It’s such a joy when my daughter asks for help with math. It used to happen all the time; it’s rare now. She just started medical school, and had come home for the weekend to get a quiet space for concentrated study.
“Dad, I have a statistics question.” Be still, my heart!
“It’s asking, if you have a random mRNA sequence with 2000 base pairs, how many times do you expect the stop codon AUG to appear? How do you figure that out?”
I got her to explain enough about messenger RNA so that I could picture this random sequence of 2000 characters, each one A, U, G, or C, and remembered from somewhere that a codon was a chunk of three of these.
“I think it’s more of a probability, or combinatoric question than stats…” I said. (I was wrong about that; interval estimates come up later. Read on.)
The First Thing to Go Wrong
“Yeah,” she said, “it’s a permutation thing, right?”
I saw right then how she could get derailed. She was picturing some dimly-remembered bit of math, the part that had binomial coefficients and ratios of factorials. When in fact, this one is all about the fundamental counting principle, a fancy way to say, there are 4 times 4 times 4 different codons—four choices for each of three letters—and that’s 64. So the answer ought to be 2000/64, or about 31.

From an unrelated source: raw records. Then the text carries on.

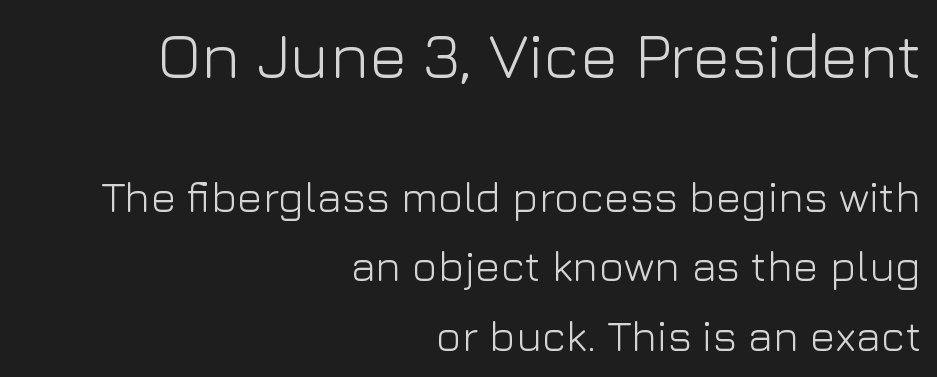
The image shows 64 px light sans-serif type, upright; set right-aligned, normal line spacing (1.61x), normal letter spacing, not underlined; the first (top) block is 1.49x larger; low stroke contrast and a medium x-height.
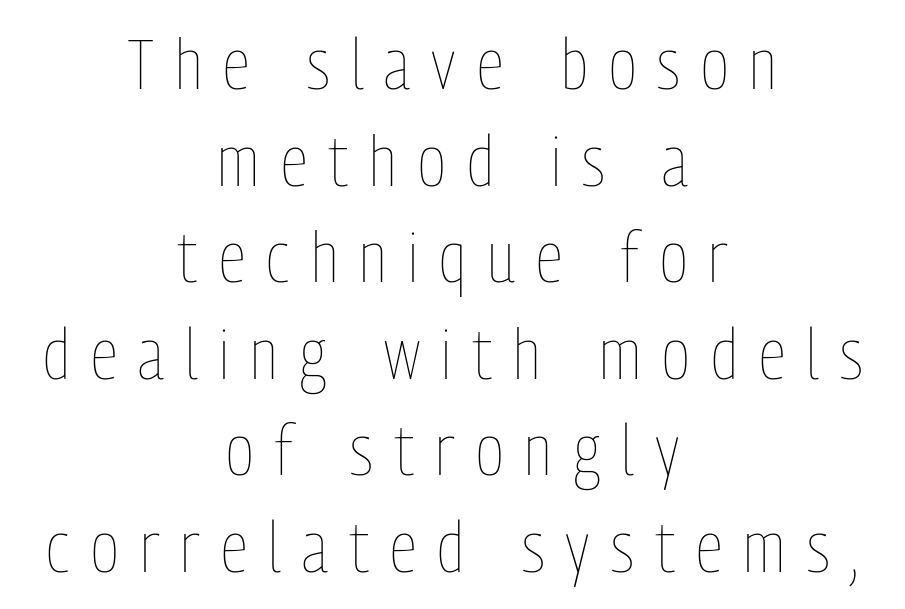
Q: Is the text bold? A: No.
Q: Is the text italic (slanted)? A: No, it is upright.
Q: Is the text underlined? A: No.
Q: How is the paragraph aligned? A: Centered.
Q: Is the spacing between letters normal or unusually wide? A: Unusually wide.
Q: Is the spacing between lines tight, normal or loose? A: Normal.
Q: Width (condensed, normal, or wide)? A: Condensed.
Q: Stroke contrast? A: Low.
Q: x-height? A: Medium.
Q: Monospaced? A: No.
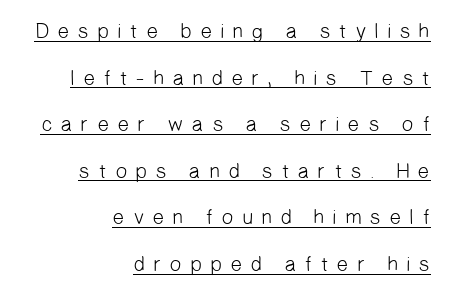
The image shows 21 px text type; set right-aligned, loose line spacing (2.22x), unusually wide letter spacing (+0.36 em), underlined.
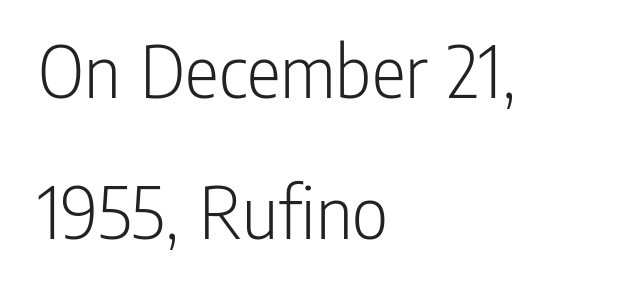
{"serif": "no", "italic": "no", "bold": "no", "weight": "light", "width": "condensed", "stroke_contrast": "low", "x_height": "medium", "monospaced": "no", "underline": "no", "align": "left", "line_spacing_ratio": 1.78, "letter_spacing": "normal", "letter_spacing_em": 0.0, "glyph_px": 79}
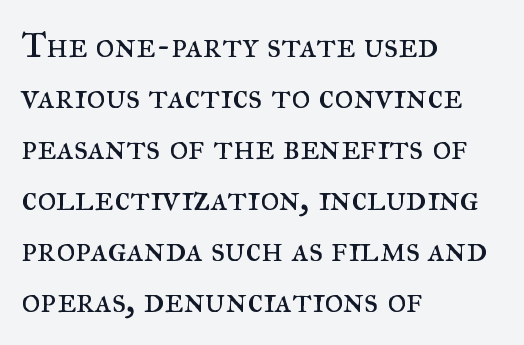
Q: Is the text bold? A: No.
Q: Is the text italic (slanted)? A: No, it is upright.
Q: Is the typeface a serif or a sans-serif typeface? A: Serif.
Q: Is the text underlined? A: No.
Q: How is the paragraph aligned? A: Left-aligned.
Q: Is the spacing between letters normal or unusually wide? A: Normal.
Q: Is the spacing between lines tight, normal or loose? A: Normal.
Q: Width (condensed, normal, or wide)? A: Normal.
Q: Stroke contrast? A: Medium.
Q: x-height? A: Small.
Q: Monospaced? A: No.
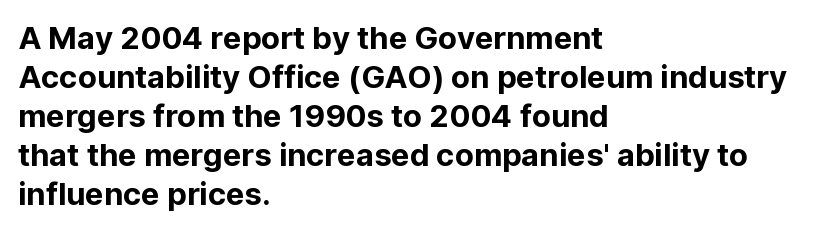
The image shows 31 px sans-serif type, upright; set left-aligned, normal line spacing (1.26x), normal letter spacing, not underlined; low stroke contrast and a medium x-height.
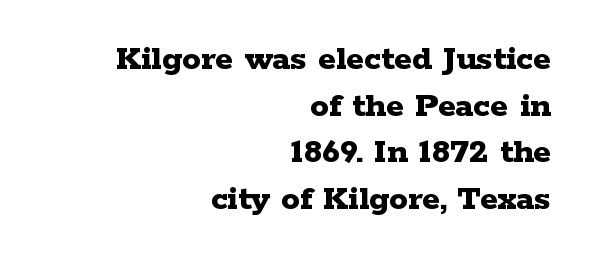
The image shows 37 px bold, wide serif type, upright; set right-aligned, normal line spacing (1.26x), normal letter spacing, not underlined; low stroke contrast and a medium x-height.
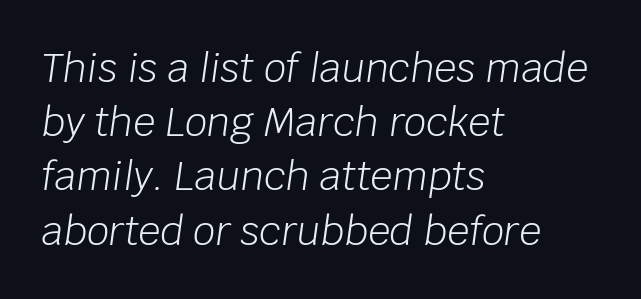
Q: Is the text bold? A: No.
Q: Is the text italic (slanted)? A: Yes, it leans right by about 8 degrees.
Q: Is the text underlined? A: No.
Q: How is the paragraph aligned? A: Left-aligned.
Q: Is the spacing between letters normal or unusually wide? A: Normal.
Q: Is the spacing between lines tight, normal or loose? A: Normal.
Q: Width (condensed, normal, or wide)? A: Normal.
Q: Stroke contrast? A: Low.
Q: x-height? A: Large.
Q: Monospaced? A: No.
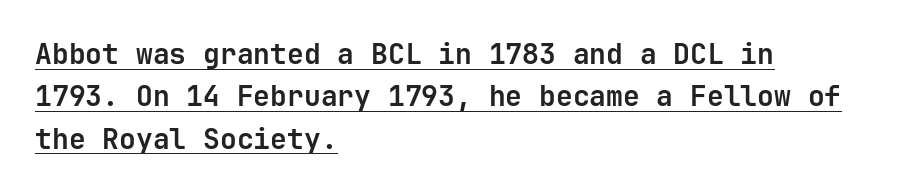
Q: Is the text bold? A: Yes.
Q: Is the text italic (slanted)? A: No, it is upright.
Q: Is the typeface a serif or a sans-serif typeface? A: Sans-serif.
Q: Is the text underlined? A: Yes.
Q: How is the paragraph aligned? A: Left-aligned.
Q: Is the spacing between letters normal or unusually wide? A: Normal.
Q: Is the spacing between lines tight, normal or loose? A: Normal.
Q: Width (condensed, normal, or wide)? A: Normal.
Q: Stroke contrast? A: Low.
Q: x-height? A: Medium.
Q: Monospaced? A: Yes.
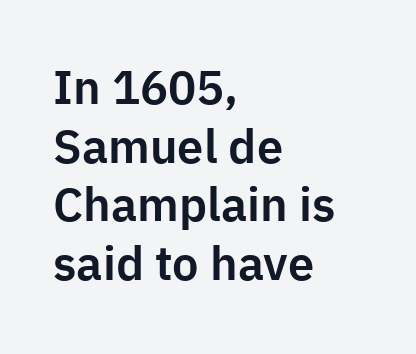
The image shows 47 px sans-serif type, upright; set left-aligned, normal line spacing (1.25x), normal letter spacing, not underlined; low stroke contrast and a medium x-height.
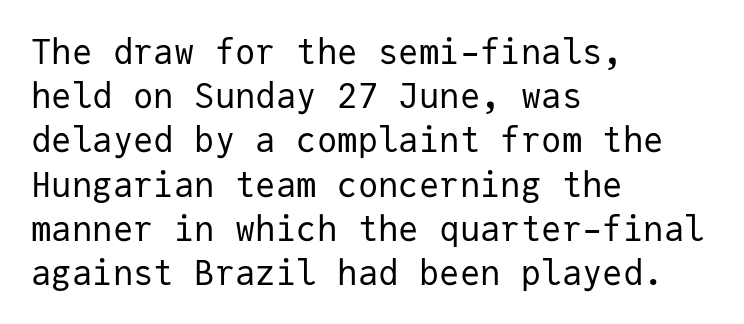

We talked through that and she got it, no problem.
But I was left with a feeling that we’d hit an important rock in the daughter’s mathematical ocean. And here’s what I think it is:
We take our successful students (like the daughter) and rocket them though combinatorics so that they can, however briefly, understand how to calculate binomial coefficients, distinguish combinations from permutations, and solve problems about license plates with 6 non-repeating letters.
But what they need is the ability to recognize a counting situation and reason about it, saying, there are 26 ways to choose the first letter, 25 ways to choose the second, and so forth, and to know deeply that you multiply these numbers to get the total number of configurations.
That is, we go on to the formula too soon. The formula comes from a product (and quotient if order doesn’t matter) which we foolishly render with factorials. I mean, factorials are elegant and the formula is general, but I think its form obscures the underlying meaning. It erases why it works. So much so that when you get a simpler problem (like the genetics one) you wonder “what are n and k?” instead of “what do I multiply?”
This happens all the time. But I didn’t expect to see it right then (perhaps permutation and combination formulas should go on my little darlings list). So we should add it to whatever collection of examples we should be compiling about when abstraction and formalism get in the way of understanding.
The Second Thing to Go Wrong
As I sat there I naturally constructed a Fathom simulation to check. I also wanted to check— just make sure—that I got the same answer when I grabbed three letters randomly, 2000 (well, 1998) times, as I got when I made a list of 2000 letters and then looked at all 1998 three-letter sequences.
At which point I saw the stats/modeling issue. And it’s this:
You know the prof wanted the answer “31.” It’s the orthodox expected value. But in fact, if you do it, you don’t actually expect 31. It’s a relatively rare result. (See the graph.) 31 is the average of the answers you get, but you wouldn’t be surprised if you got anything from maybe 22 to 43.
I’m not just being an interval-estimate weenie. Honest. The medical school peeps are training doctors and researchers. The assumptions of the problem—the codes are equally likely, they’re independent—are a model. We make models to see their consequences; we use them to predict, and we use reality to evaluate our models. So if you actually have 2000 base pairs of mRNA and you count the AUGs, and you get 37 of them, what do you conclude? If you did the problem and got 31, and that’s all you did, you might decide that something was wrong, whereas we can see in the graph that it’s completely consistent with the original assumptions.